Political Correctness in the Time of Global Warming
By Jim Scarantino
Nuclear power isn't PC.
Talking about nuclear power, except to condemn it, can get you busted by the political correctness cops and sentenced to an enviro re-education camp. Imagine endless days of group readings of Edward Abbey and public contrition for daring to ask what's wrong with harnessing the atom in the service of humanity.
Political correctness prohibits even reading certain books. Like New Mexico Sen. Pete Domenici's hybrid autobiography and nuclear engineering text. Pete titled his book, A Brighter Tomorrow even though much of it retraces his personal history.
I have a confession: I have read the book. I have therefore committed a PC offense. Make that a crime spree: I have read the book, it is an important book, Domenici makes a lot of good points (with help from two co-authors), and environmentalists should read it.
Energy policy is one of the most important and costly fights environmentalists have waged. Domenici is chairman of the Senate Energy and Natural Resources Committee. For no other reason, anyone concerned about our future energy supply should be reading his book to learn how he thinks and where there is a possibility of working with him.
Knowing what Pete Domenici has to say about hydrocarbons, wind, photovoltaics and, yes, nuclear energy, is a lot more important than what Edward Abbey had to say about his hiking trips.
For those who need a PC justification in order to substitute Domenici for Abbey, try this: Edward Abbey is a dead white man who was a litterbug and had a lousy attitude towards women. Oh, and he wasn't very fond of Mexican immigrants, either. On the other hand, Pete Domenici is still kicking. He belongs to an ethnic minority. English is his second language. We should celebrate the fact that a son of immigrants has broken into the upper echelons of American power.
I've got one more politically correct prod. It's called global warming.
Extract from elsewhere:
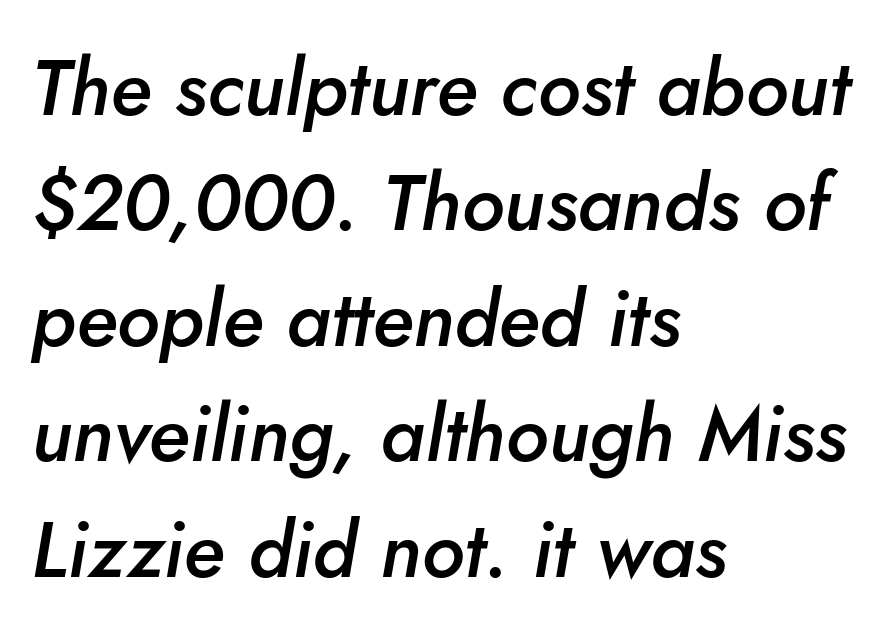
Only glyphs here, with clear space below each row. A bit beefed up — I'd call it semibold rather than bold. These lines stack with their left ends in a neat column. You could not count columns in this text — the font is proportionally spaced. Honestly, the row spacing looks completely unremarkable. The typography opts for an oblique posture over an upright one.

Global warming, or more accurately global climate change, is real and we're causing it. Only wackos, idiots, Exxon, Peabody Coal and corrupt politicians are still in denial. Feel free to insert "The Bush White House" anywhere in that list, unless you think I've got it covered.
Global climate change threatens the diversity of life on this planet. It threatens mankind's future. It is a runaway train coming straight for us. We need to do everything we can to save ourselves and our planet.
That means considering every alternative to fossil fuels, including nuclear energy.
In private conversations, knowledgeable people in the New Mexico environmental community admit safety objections to nuclear plants are pretty much overblown. In some national environmental groups there is a growing willingness among a few brave souls to raise the issue. But they dare not speak too loudly. It would upset campaign plans that bring in millions of dollars. For another, it would result in numerous decapitations—heads severed by sharp rebukes and the application of relentless peer pressure.
Right here in New Mexico, much of the advocacy work on energy and global climate change is financed by foundations opposed to nuclear energy. There is little chance the activists dependent upon those monies will suggest that all alternatives to fossil fuels be considered if that includes nuclear power.
New Mexico risks losing some of its most special places because the rising demand for natural gas has made it economical to develop previously unprofitable areas. The Yellowstone of the Southwest, Valle Vidal, is in the sights of Houston-based El Paso Corporation. The sprawling desert grandeur of Otero Mesa could succumb to gas exploration that doesn't make sense unless the price trends higher over the long term.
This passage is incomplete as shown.